Yet the economic and social value of livestock production add complexity to finding solutions for better nitrogen management. Globally, 34% of all farm market value comes from animal products^[70]. Some one billion people, mostly local smallholders often living on lands less suitable for growing crops, depend on stock for their nutrition, livelihoods, and many cultural values^[71].

Ongoing research is helping to identify what places and practices must be prioritized so that CA and sustainable intensification solutions for livestock production can be better targeted and implemented. The general use of LCA is widely advocated^{[72, 73]}. Many studies also recommend particular focus on three areas: local fertilizer use efficiencies, changes in animal feed production, and manure management^{[66, 74, 75]}.

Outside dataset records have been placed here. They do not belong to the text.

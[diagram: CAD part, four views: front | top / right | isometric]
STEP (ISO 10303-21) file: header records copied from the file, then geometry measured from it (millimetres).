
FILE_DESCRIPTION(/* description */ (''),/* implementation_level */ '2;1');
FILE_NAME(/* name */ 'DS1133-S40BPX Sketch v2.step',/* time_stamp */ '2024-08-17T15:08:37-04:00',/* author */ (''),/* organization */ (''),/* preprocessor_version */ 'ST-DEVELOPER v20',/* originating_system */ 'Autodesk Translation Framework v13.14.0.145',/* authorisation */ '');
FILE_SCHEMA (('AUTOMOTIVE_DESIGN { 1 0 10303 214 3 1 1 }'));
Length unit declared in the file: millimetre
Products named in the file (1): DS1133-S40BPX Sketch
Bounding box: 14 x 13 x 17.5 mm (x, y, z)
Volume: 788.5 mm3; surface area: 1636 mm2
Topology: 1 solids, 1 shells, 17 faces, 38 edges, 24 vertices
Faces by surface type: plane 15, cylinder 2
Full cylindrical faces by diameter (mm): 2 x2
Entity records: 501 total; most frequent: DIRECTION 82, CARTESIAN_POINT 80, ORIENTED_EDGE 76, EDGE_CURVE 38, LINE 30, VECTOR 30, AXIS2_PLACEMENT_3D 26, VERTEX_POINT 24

Numerous changes in fertilizer use efficiency are being pursued within CA. These include reducing urea-based fertilizer application rates, deep placement of fertilizers, and changes in crop straw use^[76]. Much innovative work is being done with improving animal feeds including using a variety of new supplements in animal foods (food wastes, tannin-rich plants, fungi, algae, insect proteins)^{[77, 78, 79]}. For improved manure management, there is active experimentation using anaerobic digesters, biogas production, membrane filtration systems, worm composting, algal cultivation, and fungal digestion^{[77, 80, 81, 82]}.

Efforts to reconnect crop-livestock loops are focused on getting animal wastes back onto fields to replace synthetic fertilizers^{[83, 84]}. In addition, researchers are pursuing innovations using algal and fungal-based waste treatments^[77]. Zhang and colleagues^[85] in China have gone farther than many researchers by looking at county-level nitrogen management practices to discover and showcase where the most efficient management is being done. This kind of fine-scale research provides a model that other countries can pursue to optimize livestock management.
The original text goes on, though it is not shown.